Two veterans of 92nd (Loyals) Light Anti-Aircraft Regiment, Royal Artillery, Len Harvey and George Baker, died last week. Both were Gunners with the regiment’s F Troop, 318 Battery, which landed on Sword Beach on D-Day and went on to defend the Pegasus and Horsa bridges at Benouville and Ranville. Len, aged 90, was born in Limehouse, East London. George, 93, was a Liverpudlian. Both volunteered for the Army when they came of age and served through until 1947. George also served in Palestine. Len was a close comrade of my late father, serving on the same gun. When my father was wounded in a mortar attack on Horsa Bridge on June 10, 1944, Len helped get him to safety and called medical aid. Len and George were comrades of Jim Holder-Vale (Driver-Op on WW2 Talk), who also landed with F Troop on D-Day. I got to know Len and George well through compiling a history of 92nd LAA. They were the finest examples of their generation - modest and reticent about their war service, good-humoured, kind and thoughtful. It was a privilege to have known them. May they rest in peace. Pictured: Len Harvey and George Baker, wartime photographs. Jim, Len and George at the Royal Artillery memorial, Sword Beach, June 6, 2008.

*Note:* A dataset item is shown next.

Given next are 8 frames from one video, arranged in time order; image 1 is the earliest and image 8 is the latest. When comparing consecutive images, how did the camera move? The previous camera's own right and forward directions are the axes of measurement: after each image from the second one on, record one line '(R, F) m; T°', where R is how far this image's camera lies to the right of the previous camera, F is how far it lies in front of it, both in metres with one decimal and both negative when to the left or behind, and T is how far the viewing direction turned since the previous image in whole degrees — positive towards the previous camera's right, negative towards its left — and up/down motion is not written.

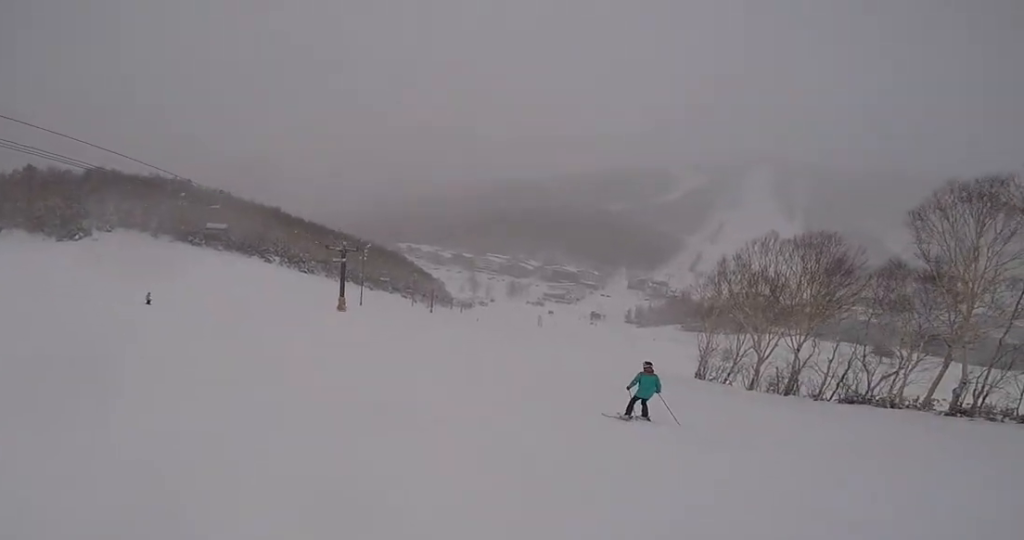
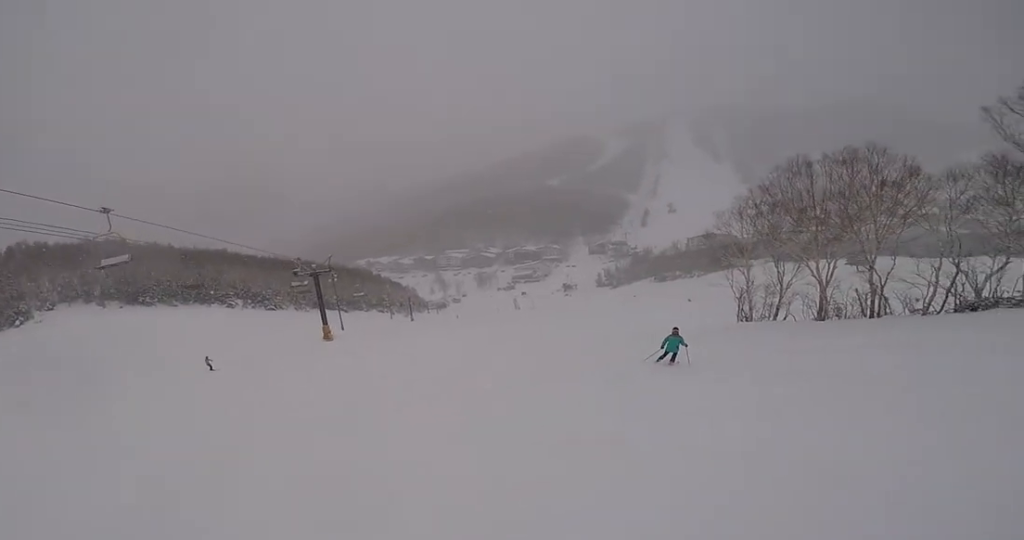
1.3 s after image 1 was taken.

You might be please to know that F Troop 92 LAA got a mention in the guide I put together for the RA soldiers visiting the commemorations of the 70th anniversary of D Day. http://www.theobservationpost.com/blog/?p=892
Sadly, sapper Tom Carpenter (9 Field Company RE), who saw action at the railway bridge at Oosterbeek and the Rhine Bridge in Arnhem, died 1 May. I will miss him.